**Exercise requirements:** Using the data beneath this instruction, retype only the lines from the one that contains "What lies at point (890, 275)?" down to the one that contains "Which 3-D box holds the forest tree at (970, 286), as", both included, exactly as they appear.

....

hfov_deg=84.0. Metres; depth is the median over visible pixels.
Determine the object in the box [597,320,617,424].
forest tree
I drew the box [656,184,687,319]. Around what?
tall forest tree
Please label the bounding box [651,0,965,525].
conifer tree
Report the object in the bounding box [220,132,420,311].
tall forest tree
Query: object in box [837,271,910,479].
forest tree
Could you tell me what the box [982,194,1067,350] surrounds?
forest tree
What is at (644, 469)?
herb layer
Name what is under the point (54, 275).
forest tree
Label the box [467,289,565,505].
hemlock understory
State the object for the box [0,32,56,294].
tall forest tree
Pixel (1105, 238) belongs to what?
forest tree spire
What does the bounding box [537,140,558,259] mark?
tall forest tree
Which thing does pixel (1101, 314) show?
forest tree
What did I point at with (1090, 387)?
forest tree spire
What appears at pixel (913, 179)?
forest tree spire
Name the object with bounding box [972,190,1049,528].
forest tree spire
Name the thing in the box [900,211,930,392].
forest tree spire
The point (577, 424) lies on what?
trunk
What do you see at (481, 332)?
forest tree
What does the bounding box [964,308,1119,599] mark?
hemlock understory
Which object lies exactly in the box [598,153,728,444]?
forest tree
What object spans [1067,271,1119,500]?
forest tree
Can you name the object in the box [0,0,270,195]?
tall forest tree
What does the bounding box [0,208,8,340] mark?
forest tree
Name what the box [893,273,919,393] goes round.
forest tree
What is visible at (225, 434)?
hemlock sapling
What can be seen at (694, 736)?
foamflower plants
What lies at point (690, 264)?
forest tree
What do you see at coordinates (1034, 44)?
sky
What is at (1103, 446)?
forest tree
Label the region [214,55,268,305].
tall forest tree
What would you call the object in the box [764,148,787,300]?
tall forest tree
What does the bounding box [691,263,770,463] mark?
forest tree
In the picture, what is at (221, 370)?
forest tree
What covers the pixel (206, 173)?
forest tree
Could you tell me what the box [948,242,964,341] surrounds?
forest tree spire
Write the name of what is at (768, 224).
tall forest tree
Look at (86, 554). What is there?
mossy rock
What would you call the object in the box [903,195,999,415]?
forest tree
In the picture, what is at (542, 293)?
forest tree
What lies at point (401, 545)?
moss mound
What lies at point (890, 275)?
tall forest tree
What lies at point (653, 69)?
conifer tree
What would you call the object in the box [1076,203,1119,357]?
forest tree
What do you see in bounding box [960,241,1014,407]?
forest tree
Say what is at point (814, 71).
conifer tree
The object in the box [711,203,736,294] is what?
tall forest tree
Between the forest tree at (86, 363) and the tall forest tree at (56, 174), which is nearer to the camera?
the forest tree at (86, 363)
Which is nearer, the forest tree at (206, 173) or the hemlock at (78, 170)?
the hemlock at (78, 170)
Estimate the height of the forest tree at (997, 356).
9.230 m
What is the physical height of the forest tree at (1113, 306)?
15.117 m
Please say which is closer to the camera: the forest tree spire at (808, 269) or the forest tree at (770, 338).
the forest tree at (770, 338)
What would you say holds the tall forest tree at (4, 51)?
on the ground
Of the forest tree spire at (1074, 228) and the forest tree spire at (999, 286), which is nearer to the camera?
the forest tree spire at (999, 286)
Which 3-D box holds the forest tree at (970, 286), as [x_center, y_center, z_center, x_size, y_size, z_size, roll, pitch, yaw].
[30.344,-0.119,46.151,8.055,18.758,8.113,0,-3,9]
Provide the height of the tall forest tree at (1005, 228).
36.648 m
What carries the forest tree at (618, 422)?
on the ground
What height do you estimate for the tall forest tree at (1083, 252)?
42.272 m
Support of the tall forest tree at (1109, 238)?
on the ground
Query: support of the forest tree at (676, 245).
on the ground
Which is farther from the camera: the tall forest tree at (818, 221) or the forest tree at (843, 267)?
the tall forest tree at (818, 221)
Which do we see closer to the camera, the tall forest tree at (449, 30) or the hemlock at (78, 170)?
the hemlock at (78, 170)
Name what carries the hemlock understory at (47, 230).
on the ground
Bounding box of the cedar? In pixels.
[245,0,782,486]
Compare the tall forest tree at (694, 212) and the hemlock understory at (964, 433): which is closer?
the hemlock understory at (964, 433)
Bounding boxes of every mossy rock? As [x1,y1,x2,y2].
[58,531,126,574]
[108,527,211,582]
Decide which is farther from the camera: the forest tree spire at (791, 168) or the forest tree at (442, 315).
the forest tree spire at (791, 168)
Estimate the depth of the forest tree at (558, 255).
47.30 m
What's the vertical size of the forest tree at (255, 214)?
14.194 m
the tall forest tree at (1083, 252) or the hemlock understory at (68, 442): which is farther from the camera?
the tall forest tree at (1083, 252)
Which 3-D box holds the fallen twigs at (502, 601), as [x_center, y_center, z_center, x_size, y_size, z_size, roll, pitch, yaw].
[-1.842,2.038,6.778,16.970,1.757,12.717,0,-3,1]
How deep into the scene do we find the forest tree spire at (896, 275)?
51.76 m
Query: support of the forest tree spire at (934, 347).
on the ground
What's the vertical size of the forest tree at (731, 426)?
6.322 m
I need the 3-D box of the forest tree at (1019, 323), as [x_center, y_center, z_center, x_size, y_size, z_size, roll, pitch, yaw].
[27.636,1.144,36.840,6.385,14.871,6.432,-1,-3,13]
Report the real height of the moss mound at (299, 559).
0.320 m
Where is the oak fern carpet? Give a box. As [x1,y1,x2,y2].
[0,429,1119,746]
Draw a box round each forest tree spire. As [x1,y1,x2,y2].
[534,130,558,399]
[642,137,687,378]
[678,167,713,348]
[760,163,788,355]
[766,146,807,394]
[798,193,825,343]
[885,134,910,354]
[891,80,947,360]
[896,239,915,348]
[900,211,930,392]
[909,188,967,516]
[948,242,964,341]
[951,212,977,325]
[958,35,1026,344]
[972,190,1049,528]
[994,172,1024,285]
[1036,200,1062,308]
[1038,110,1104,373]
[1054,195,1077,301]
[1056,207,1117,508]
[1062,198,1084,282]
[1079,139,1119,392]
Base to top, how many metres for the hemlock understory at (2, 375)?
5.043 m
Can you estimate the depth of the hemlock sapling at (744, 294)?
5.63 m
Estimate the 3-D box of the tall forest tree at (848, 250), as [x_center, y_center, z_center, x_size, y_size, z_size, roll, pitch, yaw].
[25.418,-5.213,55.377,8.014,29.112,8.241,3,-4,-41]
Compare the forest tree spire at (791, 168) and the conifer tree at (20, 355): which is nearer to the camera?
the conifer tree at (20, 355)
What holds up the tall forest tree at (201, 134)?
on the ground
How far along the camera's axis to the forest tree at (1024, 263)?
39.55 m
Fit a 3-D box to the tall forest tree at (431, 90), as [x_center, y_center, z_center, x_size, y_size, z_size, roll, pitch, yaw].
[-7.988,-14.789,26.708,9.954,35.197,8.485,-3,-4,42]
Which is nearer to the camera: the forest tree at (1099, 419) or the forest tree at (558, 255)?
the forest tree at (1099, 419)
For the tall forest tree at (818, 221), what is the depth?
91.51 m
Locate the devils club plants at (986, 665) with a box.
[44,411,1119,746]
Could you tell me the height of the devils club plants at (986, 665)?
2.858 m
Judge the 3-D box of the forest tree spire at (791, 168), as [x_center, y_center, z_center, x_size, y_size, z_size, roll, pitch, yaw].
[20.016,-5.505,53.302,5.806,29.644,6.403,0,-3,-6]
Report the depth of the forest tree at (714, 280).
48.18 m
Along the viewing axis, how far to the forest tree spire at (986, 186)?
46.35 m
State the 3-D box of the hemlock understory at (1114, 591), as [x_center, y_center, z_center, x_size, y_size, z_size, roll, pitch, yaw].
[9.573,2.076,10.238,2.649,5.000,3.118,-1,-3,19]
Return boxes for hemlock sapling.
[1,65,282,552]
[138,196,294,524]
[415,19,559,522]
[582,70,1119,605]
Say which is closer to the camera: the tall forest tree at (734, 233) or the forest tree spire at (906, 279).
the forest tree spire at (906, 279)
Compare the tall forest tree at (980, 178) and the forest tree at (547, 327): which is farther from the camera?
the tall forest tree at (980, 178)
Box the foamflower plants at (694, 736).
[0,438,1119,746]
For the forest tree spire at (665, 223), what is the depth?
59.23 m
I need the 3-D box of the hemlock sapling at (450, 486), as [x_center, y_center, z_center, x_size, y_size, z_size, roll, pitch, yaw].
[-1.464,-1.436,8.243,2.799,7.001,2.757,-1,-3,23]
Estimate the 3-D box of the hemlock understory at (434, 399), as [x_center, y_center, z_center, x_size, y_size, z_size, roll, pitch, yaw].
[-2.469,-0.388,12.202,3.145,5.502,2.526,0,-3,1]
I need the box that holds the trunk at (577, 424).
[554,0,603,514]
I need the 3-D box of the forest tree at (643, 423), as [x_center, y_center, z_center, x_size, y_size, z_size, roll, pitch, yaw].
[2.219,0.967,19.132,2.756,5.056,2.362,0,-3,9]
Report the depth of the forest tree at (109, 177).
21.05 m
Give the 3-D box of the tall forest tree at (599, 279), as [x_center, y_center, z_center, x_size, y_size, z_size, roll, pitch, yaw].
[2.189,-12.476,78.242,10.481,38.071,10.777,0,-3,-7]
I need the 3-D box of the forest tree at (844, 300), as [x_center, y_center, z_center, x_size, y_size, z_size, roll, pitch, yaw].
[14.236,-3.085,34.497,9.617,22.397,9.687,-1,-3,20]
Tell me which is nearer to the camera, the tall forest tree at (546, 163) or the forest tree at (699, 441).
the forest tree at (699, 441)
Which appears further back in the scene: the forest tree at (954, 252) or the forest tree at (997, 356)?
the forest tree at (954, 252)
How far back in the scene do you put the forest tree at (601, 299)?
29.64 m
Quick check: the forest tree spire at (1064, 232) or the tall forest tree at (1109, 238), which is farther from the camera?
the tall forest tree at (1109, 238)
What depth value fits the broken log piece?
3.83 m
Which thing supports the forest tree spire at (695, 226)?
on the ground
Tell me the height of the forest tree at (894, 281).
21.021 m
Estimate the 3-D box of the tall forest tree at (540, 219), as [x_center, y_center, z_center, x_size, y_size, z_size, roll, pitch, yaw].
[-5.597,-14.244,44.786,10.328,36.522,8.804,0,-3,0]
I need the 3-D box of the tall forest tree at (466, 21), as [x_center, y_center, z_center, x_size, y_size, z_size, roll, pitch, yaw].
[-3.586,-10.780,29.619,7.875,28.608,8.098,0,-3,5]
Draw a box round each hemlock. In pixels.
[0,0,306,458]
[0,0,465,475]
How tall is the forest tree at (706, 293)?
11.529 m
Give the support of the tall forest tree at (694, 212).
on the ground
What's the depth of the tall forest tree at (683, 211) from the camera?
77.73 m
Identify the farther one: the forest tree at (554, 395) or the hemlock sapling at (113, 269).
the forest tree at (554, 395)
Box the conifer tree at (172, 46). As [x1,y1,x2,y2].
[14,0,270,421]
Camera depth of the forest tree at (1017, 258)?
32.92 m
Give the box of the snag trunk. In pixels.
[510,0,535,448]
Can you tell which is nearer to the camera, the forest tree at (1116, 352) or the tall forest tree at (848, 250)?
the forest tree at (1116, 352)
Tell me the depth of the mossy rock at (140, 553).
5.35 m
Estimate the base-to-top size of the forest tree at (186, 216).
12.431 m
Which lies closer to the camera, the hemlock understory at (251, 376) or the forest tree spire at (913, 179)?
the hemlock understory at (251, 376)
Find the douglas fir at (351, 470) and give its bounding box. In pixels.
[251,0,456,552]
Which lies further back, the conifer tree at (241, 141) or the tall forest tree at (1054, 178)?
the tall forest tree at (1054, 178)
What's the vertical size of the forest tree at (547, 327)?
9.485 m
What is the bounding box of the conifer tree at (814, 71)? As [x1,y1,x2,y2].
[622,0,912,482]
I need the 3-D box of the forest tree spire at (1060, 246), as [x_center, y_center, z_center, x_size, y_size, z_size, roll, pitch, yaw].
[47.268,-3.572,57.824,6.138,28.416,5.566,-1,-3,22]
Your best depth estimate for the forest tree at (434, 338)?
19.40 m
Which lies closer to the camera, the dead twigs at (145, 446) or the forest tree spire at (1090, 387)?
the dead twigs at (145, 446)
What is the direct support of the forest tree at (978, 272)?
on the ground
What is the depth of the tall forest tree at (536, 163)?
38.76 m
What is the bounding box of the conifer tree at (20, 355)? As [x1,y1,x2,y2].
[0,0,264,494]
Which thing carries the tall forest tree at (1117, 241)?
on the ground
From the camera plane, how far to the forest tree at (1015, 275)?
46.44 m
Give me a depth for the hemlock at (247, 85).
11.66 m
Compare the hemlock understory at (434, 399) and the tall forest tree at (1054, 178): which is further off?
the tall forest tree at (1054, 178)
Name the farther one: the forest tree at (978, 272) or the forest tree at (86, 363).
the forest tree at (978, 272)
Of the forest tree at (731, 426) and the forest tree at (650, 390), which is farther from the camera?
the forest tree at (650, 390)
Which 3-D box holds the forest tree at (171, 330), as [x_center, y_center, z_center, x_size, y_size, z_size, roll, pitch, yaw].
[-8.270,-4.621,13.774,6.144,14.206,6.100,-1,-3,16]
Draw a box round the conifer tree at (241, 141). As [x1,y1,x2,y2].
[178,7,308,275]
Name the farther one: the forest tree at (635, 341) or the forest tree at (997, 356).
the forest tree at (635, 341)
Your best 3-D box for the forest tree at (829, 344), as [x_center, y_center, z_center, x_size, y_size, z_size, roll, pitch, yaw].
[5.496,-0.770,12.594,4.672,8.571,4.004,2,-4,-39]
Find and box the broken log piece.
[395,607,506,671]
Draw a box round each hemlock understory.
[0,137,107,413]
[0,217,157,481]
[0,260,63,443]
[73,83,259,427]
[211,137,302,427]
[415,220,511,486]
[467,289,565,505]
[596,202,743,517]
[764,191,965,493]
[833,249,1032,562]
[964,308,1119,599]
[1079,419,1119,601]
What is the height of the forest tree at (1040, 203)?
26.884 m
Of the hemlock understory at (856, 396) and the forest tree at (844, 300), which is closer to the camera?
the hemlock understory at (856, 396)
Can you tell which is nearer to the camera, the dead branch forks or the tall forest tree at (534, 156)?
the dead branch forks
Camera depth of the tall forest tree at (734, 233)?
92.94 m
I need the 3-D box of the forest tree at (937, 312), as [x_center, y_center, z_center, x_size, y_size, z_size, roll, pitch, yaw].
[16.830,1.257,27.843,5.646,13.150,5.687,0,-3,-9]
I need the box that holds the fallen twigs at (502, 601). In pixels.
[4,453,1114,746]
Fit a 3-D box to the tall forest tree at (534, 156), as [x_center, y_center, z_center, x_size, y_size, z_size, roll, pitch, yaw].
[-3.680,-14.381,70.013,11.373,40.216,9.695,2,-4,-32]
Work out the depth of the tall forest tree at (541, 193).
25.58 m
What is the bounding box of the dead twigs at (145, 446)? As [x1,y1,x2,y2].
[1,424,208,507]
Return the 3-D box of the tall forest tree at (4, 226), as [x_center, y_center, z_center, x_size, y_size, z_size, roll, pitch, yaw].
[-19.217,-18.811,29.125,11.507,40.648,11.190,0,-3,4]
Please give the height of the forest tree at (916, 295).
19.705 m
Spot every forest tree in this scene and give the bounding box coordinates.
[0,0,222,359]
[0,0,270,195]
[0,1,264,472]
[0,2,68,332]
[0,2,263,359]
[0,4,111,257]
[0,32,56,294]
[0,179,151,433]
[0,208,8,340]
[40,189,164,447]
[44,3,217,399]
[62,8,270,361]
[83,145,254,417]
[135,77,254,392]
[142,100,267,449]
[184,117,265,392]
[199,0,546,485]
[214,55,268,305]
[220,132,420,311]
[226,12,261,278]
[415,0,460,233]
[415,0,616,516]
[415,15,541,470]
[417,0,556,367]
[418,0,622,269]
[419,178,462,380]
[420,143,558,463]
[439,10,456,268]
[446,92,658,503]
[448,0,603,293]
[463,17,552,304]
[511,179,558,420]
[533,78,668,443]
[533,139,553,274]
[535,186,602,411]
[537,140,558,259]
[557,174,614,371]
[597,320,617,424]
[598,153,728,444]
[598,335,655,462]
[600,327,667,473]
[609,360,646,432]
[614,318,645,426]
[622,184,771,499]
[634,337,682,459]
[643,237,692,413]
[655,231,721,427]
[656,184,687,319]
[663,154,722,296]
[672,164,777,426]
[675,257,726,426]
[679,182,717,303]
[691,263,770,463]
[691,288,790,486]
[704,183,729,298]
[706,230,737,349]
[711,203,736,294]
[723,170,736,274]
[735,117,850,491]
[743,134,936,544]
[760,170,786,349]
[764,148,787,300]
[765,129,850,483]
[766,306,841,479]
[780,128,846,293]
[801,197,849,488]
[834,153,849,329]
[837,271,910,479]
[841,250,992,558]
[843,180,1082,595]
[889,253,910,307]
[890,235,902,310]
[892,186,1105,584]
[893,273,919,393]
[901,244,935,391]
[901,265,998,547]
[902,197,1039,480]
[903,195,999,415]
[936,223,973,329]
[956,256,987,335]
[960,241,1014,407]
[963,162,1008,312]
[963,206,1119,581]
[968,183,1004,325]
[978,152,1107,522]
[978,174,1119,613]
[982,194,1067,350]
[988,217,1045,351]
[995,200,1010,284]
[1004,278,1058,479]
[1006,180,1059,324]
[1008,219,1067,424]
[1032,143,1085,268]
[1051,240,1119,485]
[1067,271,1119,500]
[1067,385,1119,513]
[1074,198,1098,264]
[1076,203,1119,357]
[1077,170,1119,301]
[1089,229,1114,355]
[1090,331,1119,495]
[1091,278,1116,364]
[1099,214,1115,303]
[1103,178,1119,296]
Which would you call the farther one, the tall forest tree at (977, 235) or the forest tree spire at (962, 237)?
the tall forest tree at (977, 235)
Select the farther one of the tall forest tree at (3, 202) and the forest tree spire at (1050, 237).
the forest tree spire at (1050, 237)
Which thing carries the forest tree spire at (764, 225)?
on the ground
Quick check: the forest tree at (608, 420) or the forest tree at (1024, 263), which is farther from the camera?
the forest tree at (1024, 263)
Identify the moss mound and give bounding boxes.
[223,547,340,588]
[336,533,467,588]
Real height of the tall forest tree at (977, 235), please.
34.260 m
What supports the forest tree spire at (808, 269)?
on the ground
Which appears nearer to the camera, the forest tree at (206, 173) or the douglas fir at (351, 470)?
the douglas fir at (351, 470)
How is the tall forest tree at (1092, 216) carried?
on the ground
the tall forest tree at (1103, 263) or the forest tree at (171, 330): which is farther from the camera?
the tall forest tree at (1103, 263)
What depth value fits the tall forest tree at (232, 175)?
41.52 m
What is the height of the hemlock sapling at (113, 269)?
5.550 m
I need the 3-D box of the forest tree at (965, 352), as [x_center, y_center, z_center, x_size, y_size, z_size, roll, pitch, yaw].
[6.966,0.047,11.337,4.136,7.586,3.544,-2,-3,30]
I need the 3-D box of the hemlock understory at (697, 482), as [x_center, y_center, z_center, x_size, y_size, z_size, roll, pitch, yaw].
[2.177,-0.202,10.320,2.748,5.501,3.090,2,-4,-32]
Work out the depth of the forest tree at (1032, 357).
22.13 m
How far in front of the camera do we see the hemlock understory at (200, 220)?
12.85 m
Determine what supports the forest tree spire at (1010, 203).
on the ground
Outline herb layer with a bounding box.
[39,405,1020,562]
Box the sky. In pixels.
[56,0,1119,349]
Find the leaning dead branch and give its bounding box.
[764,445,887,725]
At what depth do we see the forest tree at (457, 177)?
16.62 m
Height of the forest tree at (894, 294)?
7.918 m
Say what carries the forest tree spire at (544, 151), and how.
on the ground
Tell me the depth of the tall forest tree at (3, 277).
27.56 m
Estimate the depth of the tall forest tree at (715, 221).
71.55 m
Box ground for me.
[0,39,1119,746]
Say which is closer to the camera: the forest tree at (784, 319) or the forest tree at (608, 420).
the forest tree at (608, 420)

....

**Response box:**
What lies at point (890, 275)?
tall forest tree
What lies at point (653, 69)?
conifer tree
What would you call the object in the box [1076,203,1119,357]?
forest tree
What do you see in bounding box [960,241,1014,407]?
forest tree
Say what is at point (814, 71).
conifer tree
The object in the box [711,203,736,294] is what?
tall forest tree
Between the forest tree at (86, 363) and the tall forest tree at (56, 174), which is nearer to the camera?
the forest tree at (86, 363)
Which is nearer, the forest tree at (206, 173) or the hemlock at (78, 170)?
the hemlock at (78, 170)
Estimate the height of the forest tree at (997, 356).
9.230 m
What is the physical height of the forest tree at (1113, 306)?
15.117 m
Please say which is closer to the camera: the forest tree spire at (808, 269) or the forest tree at (770, 338).
the forest tree at (770, 338)
What would you say holds the tall forest tree at (4, 51)?
on the ground
Of the forest tree spire at (1074, 228) and the forest tree spire at (999, 286), which is nearer to the camera?
the forest tree spire at (999, 286)
Which 3-D box holds the forest tree at (970, 286), as [x_center, y_center, z_center, x_size, y_size, z_size, roll, pitch, yaw].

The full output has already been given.